**The data**:
▬▬▬▬▬▬▬▬▬▬
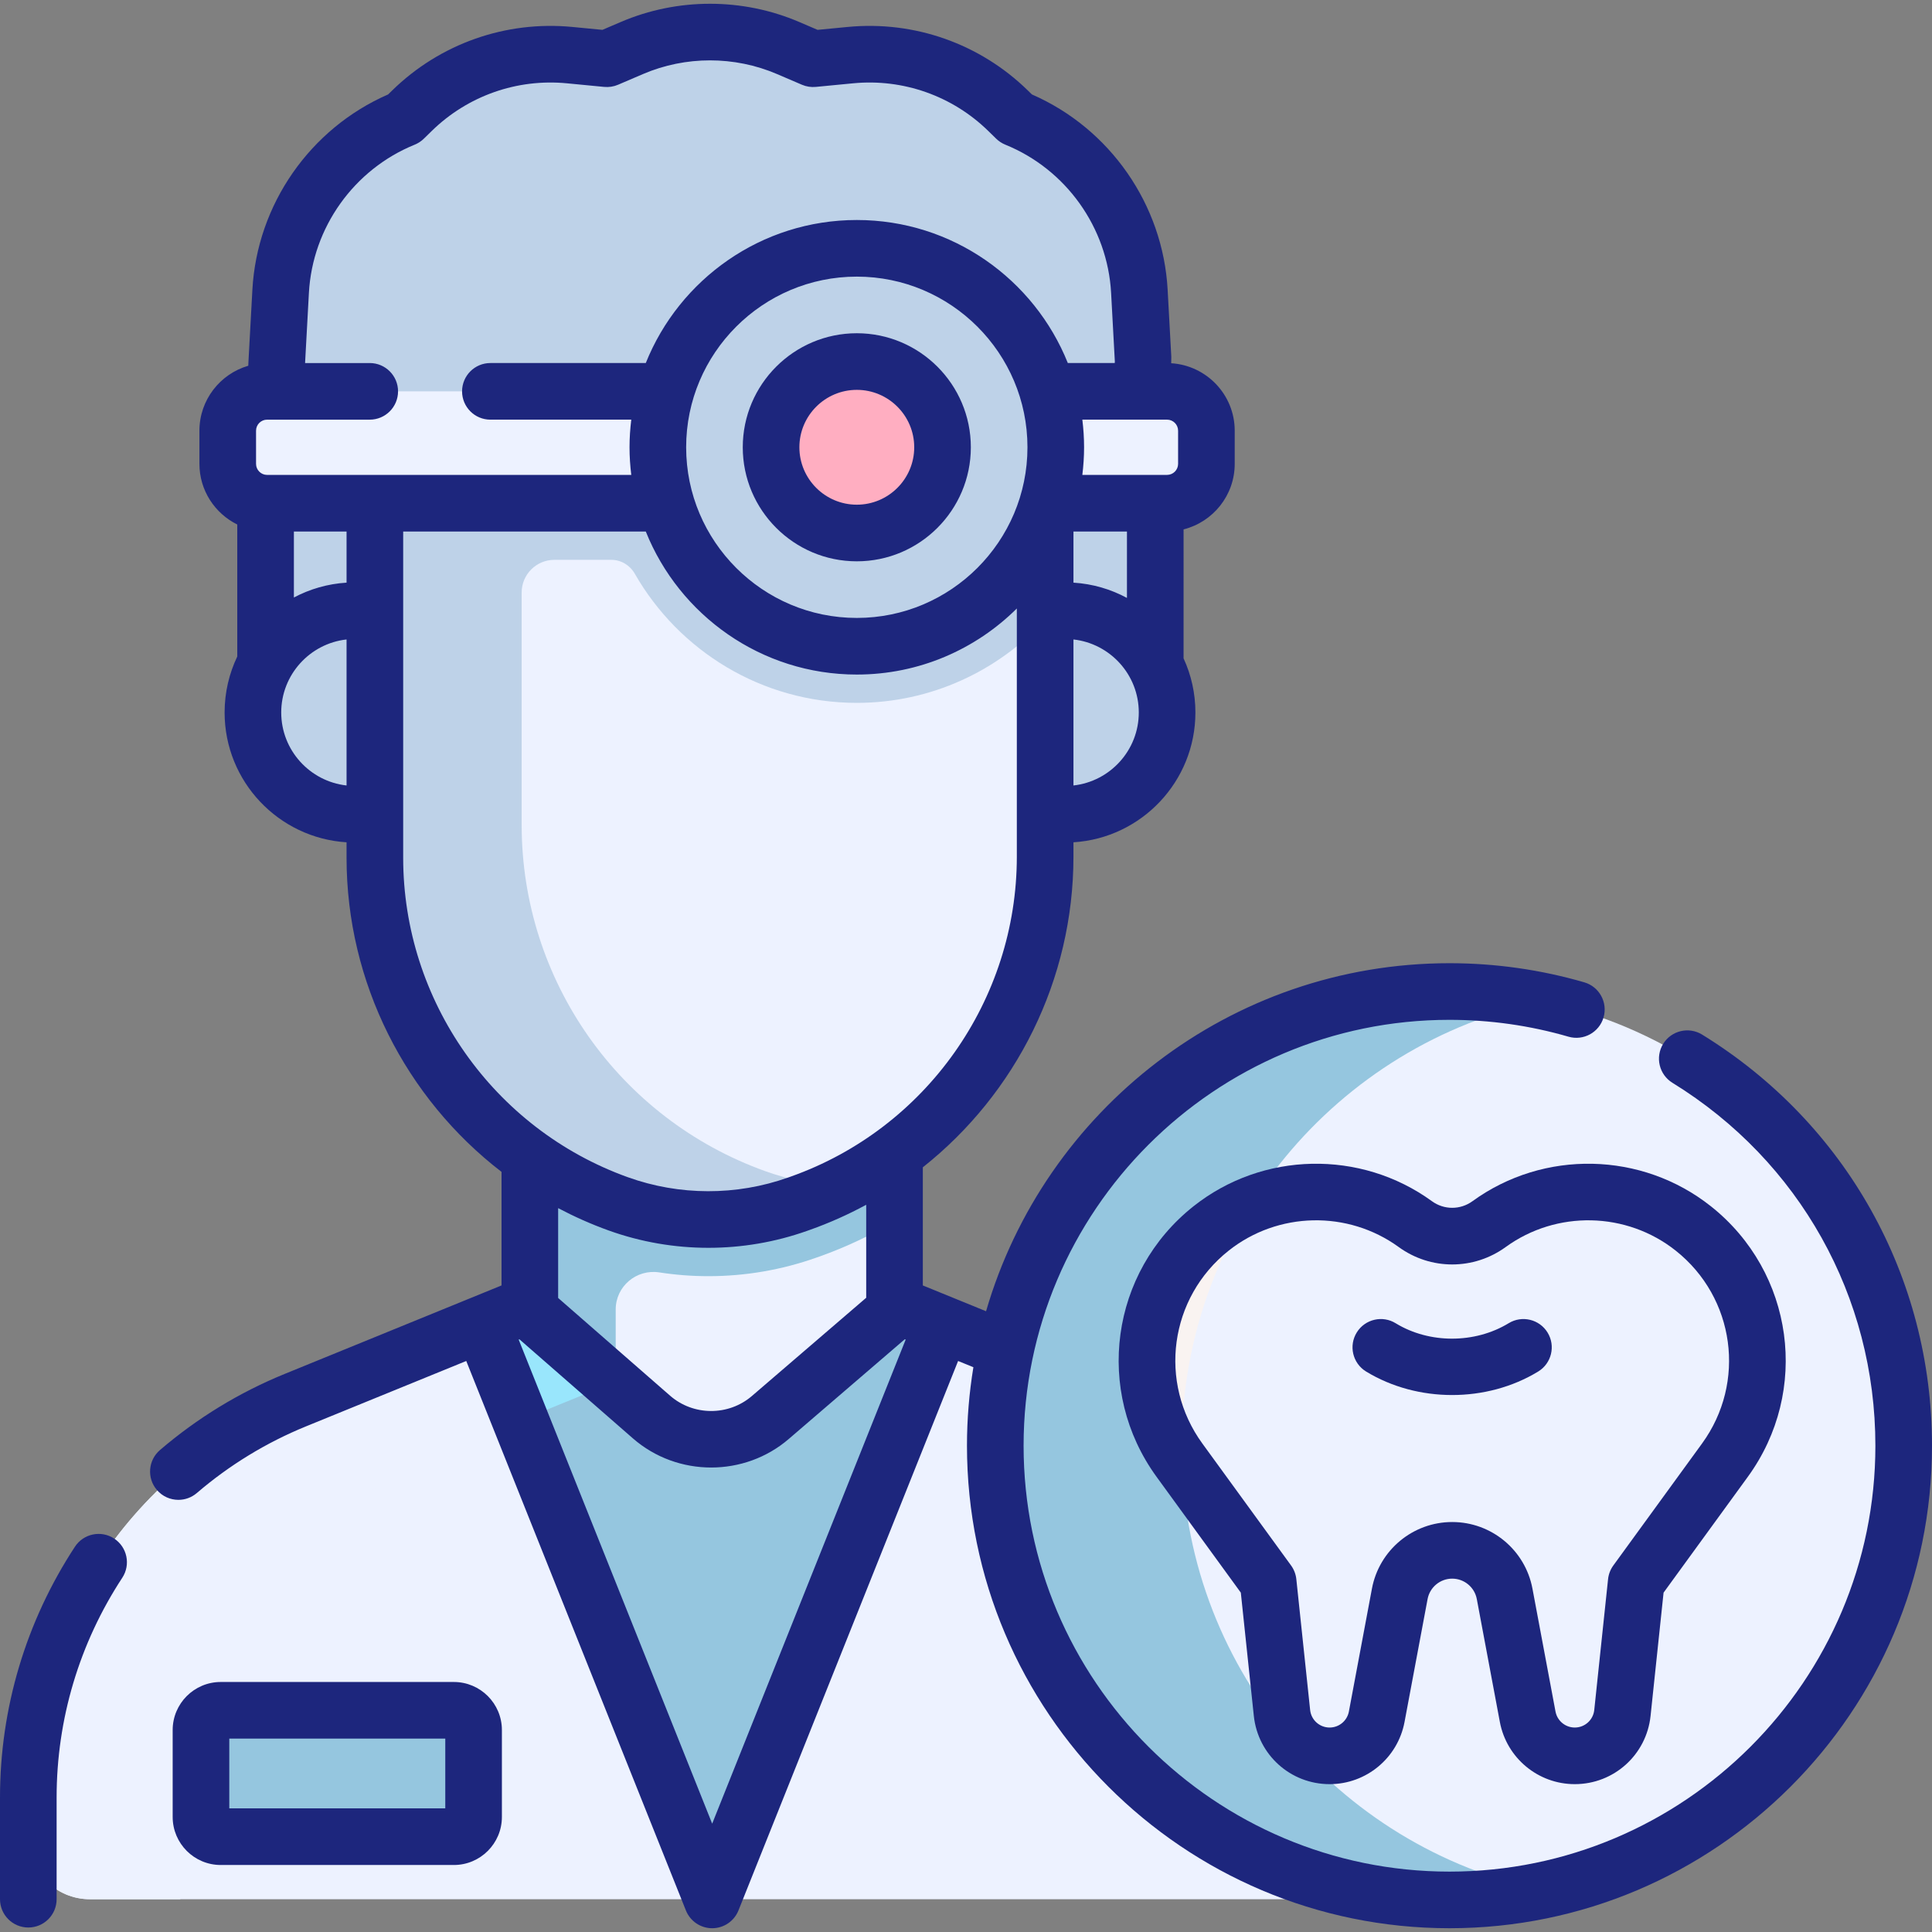 <svg width="512" height="512" viewBox="0 0 512 512" fill="none" xmlns="http://www.w3.org/2000/svg">
<rect x="0" y="0" width="512" height="512" fill="#808080" stroke="none"/>
<g clip-path="url(#clip0_49_2)">
<path d="M238.373 346.237C237.573 345.907 237.053 345.137 237.053 344.277V251.959H140.414V344.277C140.414 345.137 139.894 345.907 139.094 346.237L111.836 371.054L196.887 411.141L252.098 355.96L238.373 346.237Z" fill="#EDF2FF"/>
<path d="M73.383 95.366L70.104 182.935L78.26 198.057L306.722 192.119L306.153 175.498L306.159 136.224L309.382 120.627L304.988 100.73L302.936 95.366L301.947 77.214C300.84 56.894 288.097 39.041 269.24 31.387L267.14 29.334C256.069 18.512 240.787 13.124 225.376 14.607L215.482 15.561L208.847 12.719C195.636 7.061 180.684 7.061 167.473 12.719L160.838 15.561L150.944 14.607C135.533 13.123 120.251 18.512 109.18 29.334L107.08 31.387C88.223 39.039 75.481 56.893 74.373 77.214L73.383 95.366Z" fill="#BED2E8"/>
<path d="M282.316 215.789C297.215 215.789 309.293 203.711 309.293 188.812C309.293 173.913 297.216 161.835 282.316 161.835H227.063V214.517L282.316 215.789Z" fill="#BED2E8"/>
<path d="M94.002 215.789C79.103 215.789 67.025 203.711 67.025 188.812C67.025 173.913 79.102 161.835 94.002 161.835H140.413V215.788H94.002V215.789Z" fill="#BED2E8"/>
<path d="M140.415 251.959V324.622V344.277C140.415 345.137 139.895 345.907 139.095 346.237L111.837 371.054L150.486 389.271L161.847 378.927C162.647 378.597 163.167 377.826 163.167 376.966V347.03C163.167 340.889 168.66 336.262 174.73 337.2C179.018 337.863 183.361 338.199 187.735 338.199C197.514 338.199 207.151 336.541 216.346 333.283L217.123 333.01C224.148 330.517 230.811 327.367 237.054 323.642V284.65V251.959H140.415Z" fill="#95C6DF"/>
<path d="M369.963 476.355V487.001C369.963 496.01 362.66 503.313 353.65 503.313H23.819C14.809 503.313 7.506 496.009 7.506 487.001V476.355C7.506 430.132 35.474 388.51 78.267 371.054L139.095 346.237L172.655 375.526C181.658 383.388 195.082 383.438 204.144 375.646L238.374 346.237L299.202 371.054C341.995 388.51 369.963 430.132 369.963 476.355Z" fill="#EDF2FF"/>
<path d="M47.524 500.392V489.746C47.524 443.523 75.492 401.901 118.285 384.445L162.3 366.488L139.095 346.237L78.267 371.054C35.474 388.51 7.506 430.132 7.506 476.355V487.001C7.506 496.01 14.809 503.313 23.819 503.313H47.8C47.627 502.364 47.524 501.391 47.524 500.392Z" fill="#EDF2FF"/>
<path d="M249.748 350.878L188.81 503.313H188.65L127.722 350.878L139.095 346.237L172.655 375.526C181.658 383.388 195.082 383.438 204.144 375.646L238.374 346.237L249.748 350.878Z" fill="#95C6DF"/>
<path d="M120.281 486.741H58.486C55.601 486.741 53.262 484.402 53.262 481.516V458.471C53.262 455.586 55.6 453.247 58.486 453.247H120.281C123.166 453.247 125.506 455.585 125.506 458.471V481.516C125.506 484.401 123.167 486.741 120.281 486.741Z" fill="#95C6DF"/>
<path d="M252.099 160.117L254.92 111.939H99.374V126.738L120.821 125.585L109.068 221.564L130.396 277.498L154.119 305.791L204.176 319.321L222.713 314.394C255.658 298.134 277.006 264.41 277.006 227.013L276.946 164.259L252.099 160.117Z" fill="#EDF2FF"/>
<path d="M276.865 111.948H138.246H132.014H99.342V227.322C99.342 247.878 105.794 267.324 117.078 283.379C128.371 299.433 144.496 312.077 163.841 319.029C179.196 324.551 195.981 324.581 211.365 319.129L212.106 318.869C215.756 317.575 219.302 316.079 222.714 314.394C215.949 314.017 209.214 312.675 202.745 310.349C183.399 303.396 167.274 290.753 155.981 274.698C144.698 258.643 138.246 239.198 138.246 218.641V157.031C138.246 152.243 142.128 148.362 146.915 148.362H162.003C164.59 148.362 166.937 149.788 168.222 152.034C179.897 172.463 201.895 186.266 227.063 186.266C246.772 186.266 264.569 177.744 276.955 164.261L276.865 111.948Z" fill="#BED2E8"/>
<path d="M309.28 133.356C315.04 133.356 319.709 128.687 319.709 122.927V114.14C319.709 108.38 315.04 103.711 309.28 103.711H70.782C65.022 103.711 60.353 108.38 60.353 114.14V122.927C60.353 128.687 65.022 133.356 70.782 133.356H309.28Z" fill="#EDF2FF"/>
<path d="M227.062 171.262C256.183 171.262 279.791 147.654 279.791 118.533C279.791 89.412 256.183 65.804 227.062 65.804C197.941 65.804 174.333 89.412 174.333 118.533C174.333 147.654 197.941 171.262 227.062 171.262Z" fill="#BED2E8"/>
<path d="M227.062 141.252C214.535 141.252 204.343 131.06 204.343 118.533C204.343 106.006 214.534 95.814 227.062 95.814C239.59 95.814 249.782 106.006 249.782 118.533C249.782 131.06 239.591 141.252 227.062 141.252Z" fill="#FFAEC1"/>
<path d="M384.128 503.5C450.607 503.5 504.498 449.609 504.498 383.131C504.498 316.653 450.607 262.761 384.128 262.761C317.65 262.761 263.759 316.653 263.759 383.131C263.759 449.609 317.65 503.5 384.128 503.5Z" fill="#EDF2FF"/>
<path d="M313.191 383.131C313.191 325.125 354.24 276.701 408.862 265.3C400.883 263.635 392.601 262.762 384.128 262.762C317.651 262.762 263.759 316.653 263.759 383.131C263.759 449.609 317.65 503.5 384.128 503.5C392.601 503.5 400.896 502.619 408.874 500.955C354.252 489.553 313.191 441.137 313.191 383.131Z" fill="#95C6DF"/>
<path d="M370.952 422.385L364.843 454.961C363.716 460.966 358.474 465.316 352.365 465.316C345.869 465.316 340.421 460.413 339.739 453.954L336.079 419.28L312.569 386.959C298.453 367.552 302.15 340.467 320.952 325.554C336.691 313.069 358.822 312.6 375.077 324.407C380.903 328.639 388.792 328.639 394.618 324.407C410.873 312.6 433.003 313.069 448.743 325.554C467.545 340.466 471.242 367.552 457.126 386.959L433.616 419.28L429.956 453.954C429.274 460.414 423.826 465.316 417.33 465.316C411.221 465.316 405.979 460.965 404.852 454.961L398.743 422.385C397.488 415.699 391.651 410.853 384.848 410.853C378.045 410.854 372.207 415.699 370.952 422.385Z" fill="#EDF2FF"/>
<path d="M313.291 387.951C313.228 386.352 313.191 384.745 313.191 383.131C313.191 359.701 319.897 337.825 331.482 319.329C327.773 320.883 324.22 322.961 320.952 325.553C302.15 340.465 298.453 367.551 312.569 386.958L313.291 387.951Z" fill="#F9F3F1"/>
<path d="M162.299 366.488L139.094 346.237L127.722 350.878L137.934 376.429L162.299 366.488Z" fill="#99E6FC"/>
<path d="M30.248 407.73C26.783 405.459 22.133 406.425 19.861 409.891C6.868 429.708 0 452.69 0 476.352V503.308C0 507.452 3.359 510.811 7.502 510.811C11.645 510.811 15.004 507.452 15.004 503.308V476.352C15.004 455.62 21.023 435.483 32.409 418.118C34.68 414.653 33.713 410.002 30.248 407.73Z" fill="#1D267D"/>
<path d="M120.282 445.745H58.486C51.469 445.745 45.76 451.454 45.76 458.471V481.516C45.76 488.533 51.469 494.243 58.486 494.243H120.282C127.299 494.243 133.008 488.533 133.008 481.516V458.471C133.008 451.454 127.299 445.745 120.282 445.745ZM118.004 479.238H60.764V460.75H118.004V479.238Z" fill="#1D267D"/>
<path d="M227.062 88.312C210.398 88.312 196.841 101.869 196.841 118.533C196.841 135.197 210.398 148.754 227.062 148.754C243.727 148.754 257.284 135.197 257.284 118.533C257.284 101.869 243.727 88.312 227.062 88.312ZM227.062 133.749C218.671 133.749 211.845 126.923 211.845 118.533C211.845 110.142 218.671 103.316 227.062 103.316C235.452 103.316 242.279 110.142 242.279 118.533C242.279 126.923 235.452 133.749 227.062 133.749Z" fill="#1D267D"/>
<path d="M451.079 274.176C447.55 272.004 442.93 273.103 440.757 276.632C438.584 280.16 439.685 284.781 443.212 286.953C476.89 307.689 496.996 343.643 496.996 383.131C496.996 445.366 446.364 495.997 384.128 495.997C321.893 495.997 271.262 445.365 271.262 383.131C271.262 320.897 321.893 270.265 384.128 270.265C394.841 270.265 405.451 271.768 415.662 274.734C419.639 275.886 423.803 273.601 424.958 269.622C426.114 265.642 423.825 261.48 419.847 260.325C408.275 256.965 396.257 255.26 384.128 255.26C325.984 255.26 276.786 294.272 261.317 347.493L244.558 340.655V309.348C269.252 289.794 284.477 259.658 284.477 227.021V223.217C302.485 222.097 316.795 207.098 316.795 188.813C316.795 183.694 315.666 178.837 313.656 174.464L313.661 140.295C321.435 138.333 327.212 131.302 327.212 122.927V114.14C327.212 104.622 319.754 96.836 310.379 96.263L310.408 94.586L309.438 76.807C308.206 54.205 294.147 34.046 273.467 25.028L272.384 23.97C259.703 11.575 242.305 5.441 224.656 7.141L216.671 7.91L211.799 5.825C196.775 -0.611 179.541 -0.611 164.519 5.825L159.647 7.91L151.662 7.141C134.013 5.441 116.616 11.575 103.936 23.97L102.853 25.028C82.174 34.045 68.114 54.204 66.883 76.807L65.889 94.996L65.793 96.929C58.327 99.096 52.85 105.984 52.85 114.14V122.927C52.85 129.976 56.948 136.071 62.879 138.999V173.986C60.729 178.481 59.523 183.508 59.523 188.813C59.523 207.099 73.833 222.098 91.841 223.217V227.32C91.841 260.426 107.539 291.027 132.91 310.56V340.655L75.432 364.107C63.407 369.014 52.291 375.799 42.394 384.276C39.247 386.971 38.88 391.708 41.576 394.854C43.06 396.587 45.162 397.476 47.278 397.476C49.005 397.476 50.74 396.883 52.154 395.672C60.828 388.244 70.567 382.297 81.101 377.999L123.561 360.675L181.769 506.284C182.908 509.134 185.667 511.002 188.735 511.002C191.803 511.002 194.562 509.133 195.701 506.284L253.907 360.675L257.958 362.328C256.845 369.101 256.257 376.048 256.257 383.131C256.257 453.64 313.619 511.002 384.127 511.002C454.636 511.002 511.999 453.639 511.999 383.131C512 338.394 489.225 297.664 451.079 274.176ZM284.477 154.408V140.859H298.656L298.653 158.458C294.386 156.152 289.579 154.725 284.477 154.408ZM227.063 163.758C202.125 163.758 181.837 143.47 181.837 118.533C181.837 93.596 202.125 73.308 227.063 73.308C252 73.308 272.288 93.596 272.288 118.533C272.288 143.47 252 163.758 227.063 163.758ZM284.477 208.159V169.465C294.201 170.544 301.791 178.806 301.791 188.813C301.791 198.82 294.201 207.08 284.477 208.159ZM312.207 114.139V122.926C312.207 124.541 310.894 125.853 309.28 125.853H286.832C287.124 123.451 287.293 121.012 287.293 118.532C287.293 116.052 287.125 113.613 286.832 111.211H309.28C310.895 111.212 312.207 112.525 312.207 114.139ZM81.863 77.623C82.808 60.288 93.813 44.868 109.899 38.34C110.803 37.973 111.626 37.435 112.322 36.754L114.423 34.7C123.935 25.404 136.977 20.803 150.223 22.076L160.118 23.03C161.368 23.151 162.634 22.955 163.79 22.459L170.425 19.617C181.696 14.79 194.621 14.79 205.892 19.617L212.527 22.459C213.683 22.955 214.947 23.151 216.199 23.03L226.094 22.076C239.335 20.802 252.383 25.404 261.894 34.699L263.995 36.753C264.692 37.434 265.515 37.973 266.419 38.34C282.504 44.868 293.51 60.288 294.454 77.623L295.443 95.775C295.445 95.806 295.437 95.962 295.421 96.208H282.984C274.095 74.022 252.386 58.303 227.062 58.303C201.737 58.303 180.028 74.022 171.139 96.208H129.956C125.813 96.208 122.454 99.567 122.454 103.711C122.454 107.854 125.813 111.213 129.956 111.213H167.292C167 113.615 166.831 116.054 166.831 118.534C166.831 121.014 166.999 123.453 167.292 125.855H70.782C69.167 125.855 67.855 124.542 67.855 122.928V114.141C67.855 112.526 69.168 111.214 70.782 111.214H97.985C102.128 111.214 105.487 107.855 105.487 103.712C105.487 99.568 102.128 96.209 97.985 96.209H80.852L80.873 95.776L81.863 77.623ZM91.842 154.408C86.826 154.72 82.097 156.107 77.884 158.345V140.858H91.842V154.408ZM74.528 188.812C74.528 178.805 82.118 170.543 91.842 169.464V208.159C82.118 207.08 74.528 198.82 74.528 188.812ZM106.847 227.319V140.858H171.139C180.029 163.044 201.737 178.763 227.062 178.763C243.588 178.763 258.578 172.069 269.471 161.255V227.021C269.471 265.022 245.408 299.089 209.594 311.796L208.856 312.058C195.149 316.92 180.062 316.89 166.375 311.971C130.769 299.173 106.847 265.155 106.847 227.319ZM161.301 326.09C169.822 329.153 178.779 330.684 187.738 330.684C196.59 330.684 205.444 329.188 213.874 326.197L214.611 325.935C219.814 324.09 224.803 321.857 229.553 319.277V343.92L199.256 369.958C193.057 375.286 183.74 375.249 177.582 369.874L147.915 343.974V320.17C152.198 322.428 156.658 324.422 161.301 326.09ZM188.735 483.289L137.455 355.007L137.649 354.928L167.716 381.177C173.619 386.331 181.043 388.909 188.472 388.909C195.815 388.909 203.162 386.386 209.037 381.337L239.784 354.913L240.015 355.007L188.735 483.289Z" fill="#1D267D"/>
<path d="M390.21 318.336C387.002 320.665 382.693 320.665 379.485 318.336C360.581 304.606 334.594 305.157 316.288 319.675C294.264 337.144 289.966 368.637 306.501 391.371L328.829 422.065L332.277 454.74C333.365 465.046 342.001 472.818 352.364 472.818C362.077 472.818 370.425 465.889 372.216 456.344L378.325 423.768C378.914 420.633 381.656 418.356 384.847 418.356C388.037 418.356 390.78 420.632 391.368 423.768L397.478 456.344C399.269 465.889 407.617 472.818 417.33 472.818C427.692 472.818 436.328 465.046 437.416 454.74L440.864 422.065L463.192 391.37C479.727 368.637 475.428 337.144 453.405 319.675C435.102 305.158 409.115 304.605 390.21 318.336ZM444.08 331.431C459.783 343.885 462.847 366.337 451.058 382.545L427.548 414.865C426.774 415.931 426.293 417.181 426.154 418.491L422.494 453.166C422.215 455.815 419.994 457.814 417.33 457.814C414.832 457.814 412.686 456.033 412.225 453.578L406.116 421.003C404.198 410.775 395.254 403.352 384.847 403.352C374.441 403.352 365.497 410.774 363.578 421.002L357.469 453.578C357.008 456.033 354.863 457.814 352.364 457.814C349.699 457.814 347.478 455.815 347.199 453.166L343.54 418.491C343.401 417.181 342.921 415.931 342.146 414.865L318.635 382.545C306.845 366.337 309.909 343.885 325.613 331.431C338.662 321.08 357.19 320.688 370.667 330.475C379.148 336.634 390.544 336.634 399.027 330.475C412.506 320.688 431.03 321.081 444.08 331.431Z" fill="#1D267D"/>
<path d="M369.93 350.713L369.91 350.701C366.4 348.506 361.768 349.573 359.572 353.087C357.376 356.601 358.445 361.23 361.959 363.425C361.984 363.442 362.03 363.47 362.057 363.486C368.87 367.627 376.85 369.698 384.832 369.698C392.823 369.698 400.814 367.622 407.631 363.471C411.17 361.317 412.293 356.7 410.138 353.162C407.982 349.622 403.365 348.502 399.828 350.656C390.865 356.113 378.819 356.115 369.93 350.713Z" fill="#1D267D"/>
</g>
<defs>
<clipPath id="clip0_49_2">
<rect width="512" height="512" fill="white"/>
</clipPath>
</defs>
</svg>
▬▬▬▬▬▬▬▬▬▬
**Prompt**:
Please leave out the pictures as you reproduce the lines exactly, from the first line of the entries through the line containing "346.237C237.573 345.907 237.053".

**Finished exercise**:
 <svg width="512" height="512" viewBox="0 0 512 512" fill="none" xmlns="http://www.w3.org/2000/svg">
<rect x="0" y="0" width="512" height="512" fill="#808080" stroke="none"/>
<g clip-path="url(#clip0_49_2)">
<path d="M238.373 346.237C237.573 345.907 237.053 345.137 237.053 344.277V251.959H140.414V344.277C140.414 345.137 139.894 345.907 139.094 346.237L111.836 371.054L196.887 411.141L252.098 355.96L238.373 346.237Z" fill="#EDF2FF"/>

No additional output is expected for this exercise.